The labels will look something like this:

is_positive has_profanity has_suggestion
is_fraud has_suggestion
is_negative

… where each of those space separated labels are included in SENT_LABELS[1:]. However, there are rows were no label is included and therefore the value is simply empty. In that case, this line in MultiCategorize:

def encodes(self, o): return TensorMultiCategory([self.vocab.o2i[o_] for o_ in o])

will throw that exception for o_ in o will return the following in such cases:

[['']]

and that is not in the vocab.

muellerzr · March 4, 2020, 12:09am

Call me crazy but couldn’t you add a simple function like so? (I did something similar for single category -> multicategory)

def chng_blnk(o):
  if o == '': return []
  return o

wgpubs · March 4, 2020, 12:17am

I haven’t tried that but it would be more intuitive for this to be baked into the framework (else anyone doing multi-label will have to add the additional transform. I think this is easier:

return TensorMultiCategory([self.vocab.o2i[o_] for o_ in o if o != ['']])

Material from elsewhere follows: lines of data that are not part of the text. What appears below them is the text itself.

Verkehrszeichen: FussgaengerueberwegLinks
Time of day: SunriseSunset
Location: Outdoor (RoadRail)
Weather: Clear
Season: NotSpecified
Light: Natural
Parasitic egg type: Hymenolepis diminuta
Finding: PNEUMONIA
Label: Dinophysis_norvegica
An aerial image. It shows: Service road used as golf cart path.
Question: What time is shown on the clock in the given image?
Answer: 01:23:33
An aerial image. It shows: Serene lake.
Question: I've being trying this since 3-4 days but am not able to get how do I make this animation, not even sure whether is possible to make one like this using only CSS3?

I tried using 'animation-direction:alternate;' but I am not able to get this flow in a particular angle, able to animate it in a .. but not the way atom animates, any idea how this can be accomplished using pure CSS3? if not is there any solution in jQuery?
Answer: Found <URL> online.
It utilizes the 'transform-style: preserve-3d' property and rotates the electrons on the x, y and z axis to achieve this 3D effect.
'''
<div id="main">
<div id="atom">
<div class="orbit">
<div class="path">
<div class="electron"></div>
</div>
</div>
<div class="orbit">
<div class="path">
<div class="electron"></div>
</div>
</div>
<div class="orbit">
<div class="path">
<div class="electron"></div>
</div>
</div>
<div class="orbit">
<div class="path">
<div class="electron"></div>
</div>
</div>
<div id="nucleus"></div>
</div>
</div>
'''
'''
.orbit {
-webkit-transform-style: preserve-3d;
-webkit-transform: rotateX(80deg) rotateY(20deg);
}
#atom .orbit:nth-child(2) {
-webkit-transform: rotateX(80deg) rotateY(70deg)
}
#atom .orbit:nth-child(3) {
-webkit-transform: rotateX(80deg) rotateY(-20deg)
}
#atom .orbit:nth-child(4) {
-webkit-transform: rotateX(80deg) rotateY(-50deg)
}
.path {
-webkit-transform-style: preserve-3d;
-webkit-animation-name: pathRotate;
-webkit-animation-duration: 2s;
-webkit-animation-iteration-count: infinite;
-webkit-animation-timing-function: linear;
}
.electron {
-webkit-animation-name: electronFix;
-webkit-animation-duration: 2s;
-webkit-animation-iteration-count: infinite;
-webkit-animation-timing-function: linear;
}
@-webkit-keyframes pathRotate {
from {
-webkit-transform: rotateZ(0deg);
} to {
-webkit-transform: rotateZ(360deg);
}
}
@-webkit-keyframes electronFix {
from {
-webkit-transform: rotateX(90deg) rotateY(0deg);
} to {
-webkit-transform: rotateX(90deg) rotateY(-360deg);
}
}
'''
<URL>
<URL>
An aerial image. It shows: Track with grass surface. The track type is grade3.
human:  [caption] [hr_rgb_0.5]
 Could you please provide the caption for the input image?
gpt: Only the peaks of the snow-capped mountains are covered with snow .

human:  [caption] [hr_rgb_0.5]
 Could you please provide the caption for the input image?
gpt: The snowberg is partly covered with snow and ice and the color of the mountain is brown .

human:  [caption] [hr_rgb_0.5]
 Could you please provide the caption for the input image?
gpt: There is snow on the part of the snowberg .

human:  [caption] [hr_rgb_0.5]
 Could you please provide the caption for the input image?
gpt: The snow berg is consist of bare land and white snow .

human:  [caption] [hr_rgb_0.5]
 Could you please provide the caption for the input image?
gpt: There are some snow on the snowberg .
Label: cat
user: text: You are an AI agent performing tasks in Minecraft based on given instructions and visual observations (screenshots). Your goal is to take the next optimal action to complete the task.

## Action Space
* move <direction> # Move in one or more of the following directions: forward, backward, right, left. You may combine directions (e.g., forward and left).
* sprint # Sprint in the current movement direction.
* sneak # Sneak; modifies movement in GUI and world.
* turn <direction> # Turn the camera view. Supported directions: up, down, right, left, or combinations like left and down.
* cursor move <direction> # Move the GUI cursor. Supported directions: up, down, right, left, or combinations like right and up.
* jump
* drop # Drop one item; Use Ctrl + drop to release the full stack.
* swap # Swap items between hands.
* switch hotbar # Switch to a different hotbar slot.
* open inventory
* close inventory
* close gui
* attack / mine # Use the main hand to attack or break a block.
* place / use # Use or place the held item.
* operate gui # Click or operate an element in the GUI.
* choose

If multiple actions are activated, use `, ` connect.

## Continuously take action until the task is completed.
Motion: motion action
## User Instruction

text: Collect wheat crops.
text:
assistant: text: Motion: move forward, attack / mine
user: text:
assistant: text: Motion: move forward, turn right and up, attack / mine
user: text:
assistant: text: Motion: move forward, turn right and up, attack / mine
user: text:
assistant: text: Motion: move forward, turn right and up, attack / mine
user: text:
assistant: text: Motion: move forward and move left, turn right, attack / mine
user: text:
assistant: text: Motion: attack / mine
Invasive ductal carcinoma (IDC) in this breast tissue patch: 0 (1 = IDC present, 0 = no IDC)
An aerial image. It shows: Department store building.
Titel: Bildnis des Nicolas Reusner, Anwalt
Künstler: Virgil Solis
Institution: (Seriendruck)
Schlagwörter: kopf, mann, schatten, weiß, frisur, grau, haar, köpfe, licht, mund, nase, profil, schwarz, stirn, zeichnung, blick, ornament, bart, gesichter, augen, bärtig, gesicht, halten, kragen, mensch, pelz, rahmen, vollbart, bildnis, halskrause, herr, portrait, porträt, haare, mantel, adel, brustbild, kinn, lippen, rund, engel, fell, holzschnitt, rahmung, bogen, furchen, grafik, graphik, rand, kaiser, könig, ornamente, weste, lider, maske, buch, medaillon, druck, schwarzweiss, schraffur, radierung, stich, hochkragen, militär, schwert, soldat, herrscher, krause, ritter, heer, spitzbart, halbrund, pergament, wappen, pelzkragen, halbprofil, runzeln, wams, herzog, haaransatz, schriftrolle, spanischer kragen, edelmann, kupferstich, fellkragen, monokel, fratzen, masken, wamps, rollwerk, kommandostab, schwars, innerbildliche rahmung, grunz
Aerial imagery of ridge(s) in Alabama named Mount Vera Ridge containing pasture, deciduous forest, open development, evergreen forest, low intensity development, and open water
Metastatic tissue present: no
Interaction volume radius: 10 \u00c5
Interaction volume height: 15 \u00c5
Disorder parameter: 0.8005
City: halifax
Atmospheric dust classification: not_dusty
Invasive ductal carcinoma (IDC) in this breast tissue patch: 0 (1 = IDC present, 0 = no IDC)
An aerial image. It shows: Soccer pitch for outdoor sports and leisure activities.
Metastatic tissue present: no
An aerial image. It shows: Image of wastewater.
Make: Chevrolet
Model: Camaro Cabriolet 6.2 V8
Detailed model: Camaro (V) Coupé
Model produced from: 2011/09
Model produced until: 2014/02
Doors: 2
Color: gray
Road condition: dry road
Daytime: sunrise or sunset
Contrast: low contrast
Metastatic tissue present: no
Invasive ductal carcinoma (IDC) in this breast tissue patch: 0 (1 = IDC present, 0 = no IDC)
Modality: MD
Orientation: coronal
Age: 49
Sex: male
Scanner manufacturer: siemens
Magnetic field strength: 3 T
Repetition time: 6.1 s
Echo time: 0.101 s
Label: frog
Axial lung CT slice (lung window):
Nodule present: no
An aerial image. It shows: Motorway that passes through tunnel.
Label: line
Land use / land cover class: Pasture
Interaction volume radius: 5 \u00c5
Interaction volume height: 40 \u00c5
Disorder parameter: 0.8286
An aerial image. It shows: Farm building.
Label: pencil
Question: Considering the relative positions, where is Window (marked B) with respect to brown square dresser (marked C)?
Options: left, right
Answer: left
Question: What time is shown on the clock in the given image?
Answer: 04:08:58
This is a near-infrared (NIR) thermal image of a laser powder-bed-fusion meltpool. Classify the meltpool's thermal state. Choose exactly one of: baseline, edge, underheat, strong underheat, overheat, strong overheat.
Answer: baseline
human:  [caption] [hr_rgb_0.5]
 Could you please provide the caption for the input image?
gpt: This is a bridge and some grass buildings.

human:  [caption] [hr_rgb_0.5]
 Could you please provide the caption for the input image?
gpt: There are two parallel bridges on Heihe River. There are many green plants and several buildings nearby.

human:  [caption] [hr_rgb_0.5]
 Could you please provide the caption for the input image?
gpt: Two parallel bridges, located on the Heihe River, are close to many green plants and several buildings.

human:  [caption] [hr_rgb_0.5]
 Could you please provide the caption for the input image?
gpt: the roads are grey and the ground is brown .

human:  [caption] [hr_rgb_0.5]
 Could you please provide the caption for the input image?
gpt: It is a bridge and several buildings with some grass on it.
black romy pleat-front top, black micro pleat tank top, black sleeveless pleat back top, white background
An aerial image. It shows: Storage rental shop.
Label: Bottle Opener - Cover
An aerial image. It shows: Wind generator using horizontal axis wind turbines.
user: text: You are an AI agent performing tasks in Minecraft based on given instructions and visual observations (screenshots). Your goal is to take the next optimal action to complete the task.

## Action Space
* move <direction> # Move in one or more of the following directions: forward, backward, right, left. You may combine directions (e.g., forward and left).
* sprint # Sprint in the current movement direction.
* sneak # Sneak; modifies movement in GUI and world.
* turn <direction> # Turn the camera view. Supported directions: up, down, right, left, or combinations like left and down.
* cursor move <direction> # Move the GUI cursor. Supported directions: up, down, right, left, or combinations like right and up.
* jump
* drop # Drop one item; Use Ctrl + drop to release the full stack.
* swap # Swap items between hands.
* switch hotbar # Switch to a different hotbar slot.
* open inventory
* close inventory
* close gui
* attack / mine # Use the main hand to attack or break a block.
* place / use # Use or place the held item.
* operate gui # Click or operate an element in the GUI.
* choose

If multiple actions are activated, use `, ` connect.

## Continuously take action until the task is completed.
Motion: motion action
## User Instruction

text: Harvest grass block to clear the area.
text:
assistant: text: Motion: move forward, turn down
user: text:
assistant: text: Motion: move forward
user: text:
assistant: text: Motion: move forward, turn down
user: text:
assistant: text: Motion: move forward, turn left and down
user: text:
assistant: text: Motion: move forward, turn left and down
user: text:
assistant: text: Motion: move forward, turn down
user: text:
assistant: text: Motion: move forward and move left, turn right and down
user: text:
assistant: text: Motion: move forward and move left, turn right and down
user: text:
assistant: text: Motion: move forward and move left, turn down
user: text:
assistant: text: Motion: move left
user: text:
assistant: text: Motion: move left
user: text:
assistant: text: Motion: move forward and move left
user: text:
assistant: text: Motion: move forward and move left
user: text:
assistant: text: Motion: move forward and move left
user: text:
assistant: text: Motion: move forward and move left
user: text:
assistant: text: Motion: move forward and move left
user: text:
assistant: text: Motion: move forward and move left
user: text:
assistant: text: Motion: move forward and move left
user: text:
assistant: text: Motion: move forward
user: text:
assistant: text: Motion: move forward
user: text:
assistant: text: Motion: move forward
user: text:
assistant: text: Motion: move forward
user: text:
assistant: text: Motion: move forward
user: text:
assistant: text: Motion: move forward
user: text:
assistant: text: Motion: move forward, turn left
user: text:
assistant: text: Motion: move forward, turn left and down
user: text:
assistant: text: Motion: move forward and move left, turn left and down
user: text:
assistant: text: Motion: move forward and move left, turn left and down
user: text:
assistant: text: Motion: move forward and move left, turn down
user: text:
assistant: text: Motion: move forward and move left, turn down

sgugger · March 4, 2020, 1:20am

Oh I see, python is being playful and ''.split(' ') does not return [].
Is it the responsibility of MultiCategorize? No. It clearly says in the documentation that this transform expects a list of labels. This is a failure of your labelling function, not MultiCategorize. Note that there is a ColLabeller transform that will not fail on empty labels:

df = pd.DataFrame({'a': ['a b', '', 'c']})
tfm = ColReader('a', label_delim=' ')
[tfm(df.iloc[i]) for i in range(3)]

returns [['a', 'b'], [], ['c']]. I think you should use it

jeremy · March 4, 2020, 1:46am

That seems a bit harsh to me - no reason we can’t/shouldn’t make this work, is there? Is there a time where an empty string is wanted?

sgugger · March 4, 2020, 1:47am

It could be a label in some cases, since it’s a string. I think that behavior is unwanted magic.